Mayor Bob Huber also spoke in support of the proposed complex. “One of the things I like about this is we’re going to have 99 senior affordable units here… We’re required to do this by law now, and this would be a good, balanced way to do it,” he said. 

VOTE: The Council approved the motion with a majority vote, with only Council Member Mike Judge voting against. 

Add an “Advisory Vote” on Cannabis Issues to November Ballot?

Also during the meeting was a discussion about whether to add an “advisory vote” to the November 6, 2018 ballot regarding possible locations around Simi Valley to allow cannabis businesses to set up shop. Currently, there are no areas zoned for cannabis businesses in Simi, as such businesses remain illegal, locally. 

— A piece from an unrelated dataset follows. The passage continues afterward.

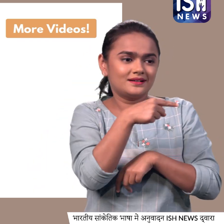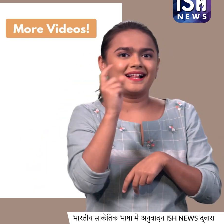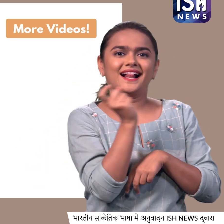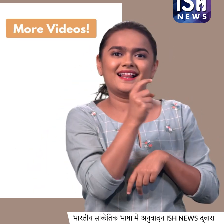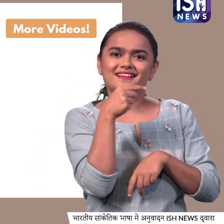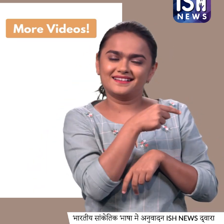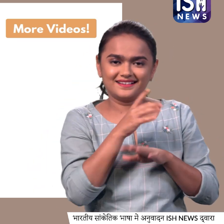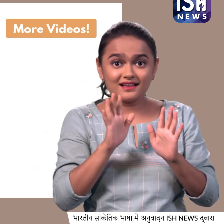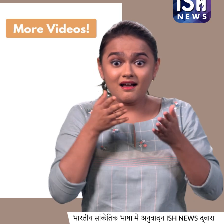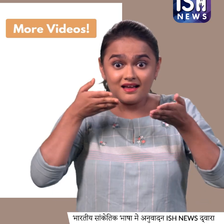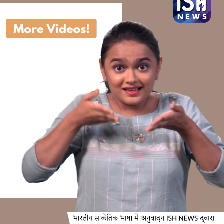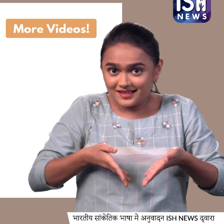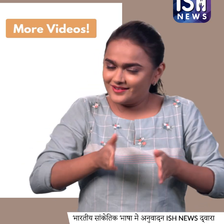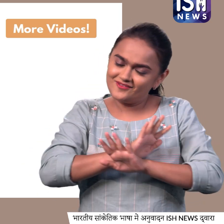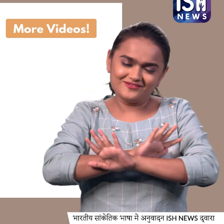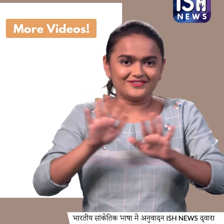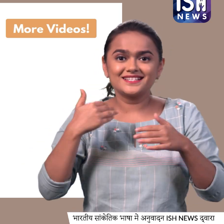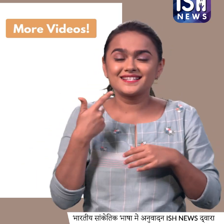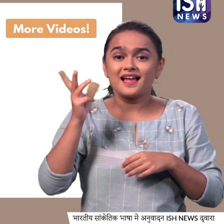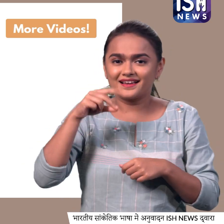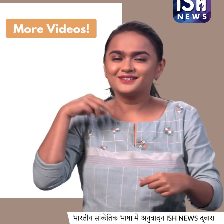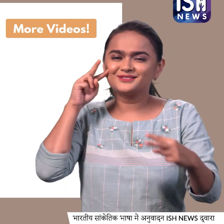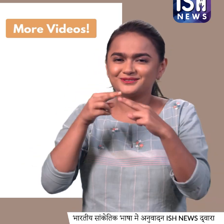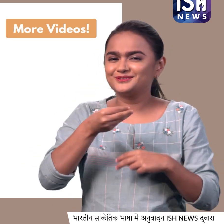अभी के लिए इतना ही हम आपसे जलद वापस मिलेंगे

After a staff person raced through a prepared presentation that was largely unintelligible, the Council discussed the issue. An “advisory vote” is limited in that it is non-binding, and does not change current laws. Once again, the Council’s discussion was based largely on materials not viewable to the public, capped off my a unanimous vote on motions not seen by the public. This is your mind on cannabis.        

The next regular Simi Valley City Council Meeting will be on Monday, July 30, 2018, at 6:30 P.M. Both the meetings on video, and the meeting agendas, can be directly accessed by going to the following URL: http://www.simivalley.org/i-want-to-/view-watch-/city-council-meetings.

 

Kevin Harris

Kevin Harris is a reporter, editor and journalist, previous President of Cal State Northridge’s Society of Professional Journalists having worked for the LA Times and Newhall Signal. He is now also a Realtor and videographer, and lives with his two children in Thousand Oaks.